My only caution is that good writers and LLMs look very similar, because LLMs were trained on a corpus of good writers. Good writers use semicolons and em-dashes. Sometimes we used bulleted lists or Oxford commas.
So we should make sure to follow that other HN rule, and assume the person on the other end is a good faith actor, and be cautious about accusing someone of using AI.
(I've been accused multiple times of being an AI after writing long well written comments 100% by hand)
Like, sure, LLM writing is almost always grammatically correct, spelled correctly, formatted correctly, etc., which tends to be true of good writing. But there's a certain style that it just can't get away from. It's not just the em-dashes, the semi-colons, or the bulleted lists. It's the short, punchy sentences, with few-to-no asides or digressions. Often using idiom, but only in a stale, trite, and homogenized manner. Real humans, are each different -- which lends a certain unpredictability to our writing, even if trying to write to a semi-formal standard, the way "good" writers often do -- but LLMs are all so painfully the same, and the output shows it.
Sometimes speedbumps that deter the lowest effort infractions are sufficient but I don't think this is that time.
On a per-prompt basis, or via a persistent system prompt or SKILL, or - god help us - via community-specific fine tuning, LLMs can convincingly affect insane variations in prose styling.
https://www.reddit.com/r/ExperiencedDevs/comments/1pyjkuf/i_...
Granted, it was in a thread about AI and maybe people were on edge, but I was still accused, which to be honest hurt a bit after the effort I put into writing it.
How do you know?
Uhh, isn't that how senior management in larger corporations communicates ...
- You seem to have a rather high opinion of your own writing :-)
- Why the mix of tense (use/used)?
- Oxford commas are a monstrosity
Please don’t present your personal aesthetic beliefs as if those who disagree are morally wrong ‘bad people’. This ‘monstrosity’ comment in this context is derogatory-by-proxy of everyone (including the person you’re criticizing) who uses them, whether they know anything at all about your arguments that they should not, and that’s not really a good tone for us users here to be taking with each other.

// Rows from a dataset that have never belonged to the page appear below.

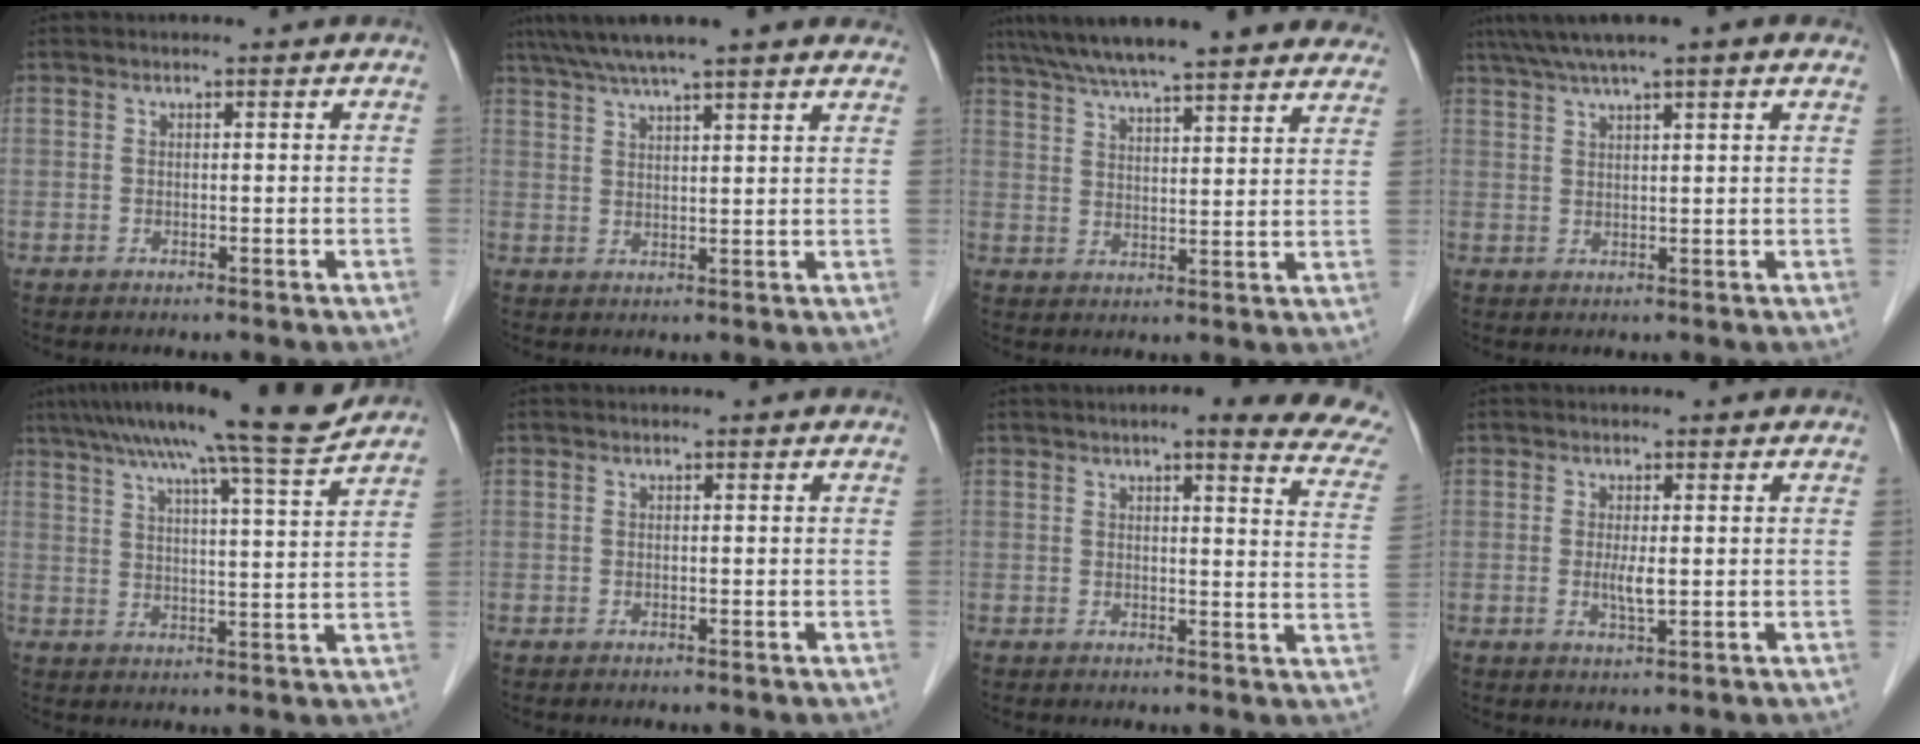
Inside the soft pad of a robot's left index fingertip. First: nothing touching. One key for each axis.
{"total": 16.1, "fx": 13.4, "fy": 1.5, "fz": 8.8, "tx": -0.148, "ty": 0.052, "tz": 0.184}
{"total": 26.4, "fx": 23.0, "fy": 3.6, "fz": 12.3, "tx": -0.203, "ty": 0.011, "tz": 0.299}
{"total": 9.5, "fx": 7.1, "fy": 0.6, "fz": 6.4, "tx": -0.109, "ty": 0.048, "tz": 0.105}
{"total": 15.8, "fx": 13.4, "fy": -1.3, "fz": 8.4, "tx": -0.139, "ty": 0.000, "tz": 0.186}
{"total": 0.0}
{"total": 16.3, "fx": 13.4, "fy": 2.8, "fz": 8.9, "tx": -0.087, "ty": -0.015, "tz": 0.132}
{"total": 2.3, "fx": 0.0, "fy": 0.3, "fz": 2.3, "tx": -0.049, "ty": -0.005, "tz": 0.003}
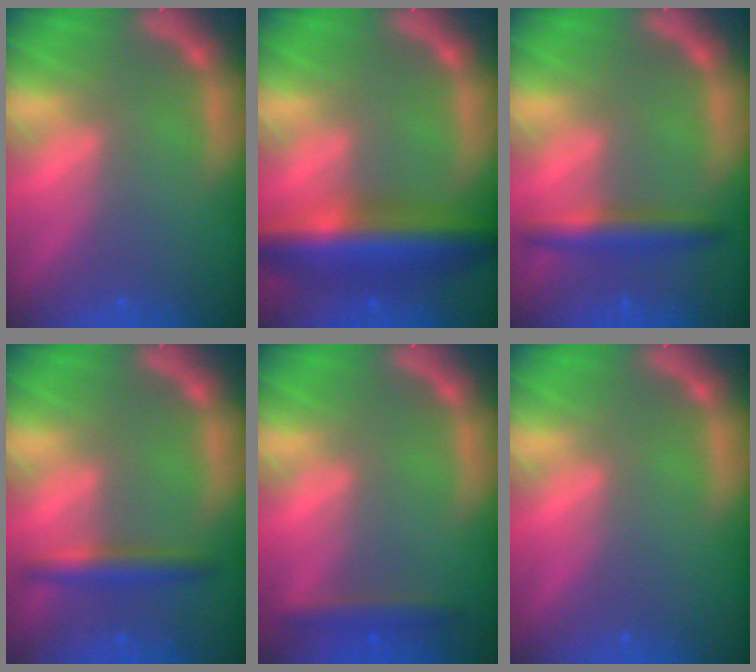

Being anti-Oxford comma is baffling. It's almost zero extra effort and reduces confusion.
(This isn’t necessarily true for first world countries, which is why I describe it for the non-U.S. folks in particular.)
I use semicolons a lot. If this is the nouveau tell du jour for LLMs then I'm in trouble.
Good writing is not created by Oxford commas or em-dashes. It comes from taste.
Perhaps always be sure to say something especially timely, original or insightful that an LLM can't have come up with.
* A comment should be judged on its merits mostly, and if a comment seems to be substantive, interesting, or ask a thoughtful question, it should be acceptable. I think some LLM comments look superficially relevant, but a moment's thought can make me wonder if a comment actually added anything to the discussion, or did it sound like a rephrasing or generalization of a topic?
* Unfortunately for decent new users, account age is one metric on which to judge here.
* People who post here, should want to engage on a subject when they can, and disengage and be quiet when they can't. There is nothing wrong if you're not an expert on something, and it is not desired by the people here to have you alt-tab to an LLM to plug in extra perspective. We can all do that on our own.
People moving to careless writing for authenticity while good writing will be considered AI? funny. We want authentic human thought but can only detect human style.
This reddit thread that came out today is the perfect inversion of the discussion here: https://old.reddit.com/r/ChatGPTPromptGenius/comments/1rr19k...
No, only if you oversimplify "good writing" to a set of linguistic tics. LLM writing isn't good, it just overuses certain features without much judgement or context awareness. Some of those are writerly.
I don’t think there’s a lot to AI generated stuff on here that really bothered me to the point I wanted to call someone out.
I disagree; good writing communicates an idea effectively. Using em dashes and semicolons — even though they have some meaning — confuses the reader because they add unnecessary noise. Surely you wouldn't say that adding such unnecessary punctuation as an interrobang is a sign of a good writer‽
Good writers ALWAYS use the Oxford comma.
While that might be ideal, is that really the case with most LLM training data? Does the curation process weed out all the slop from bad writers?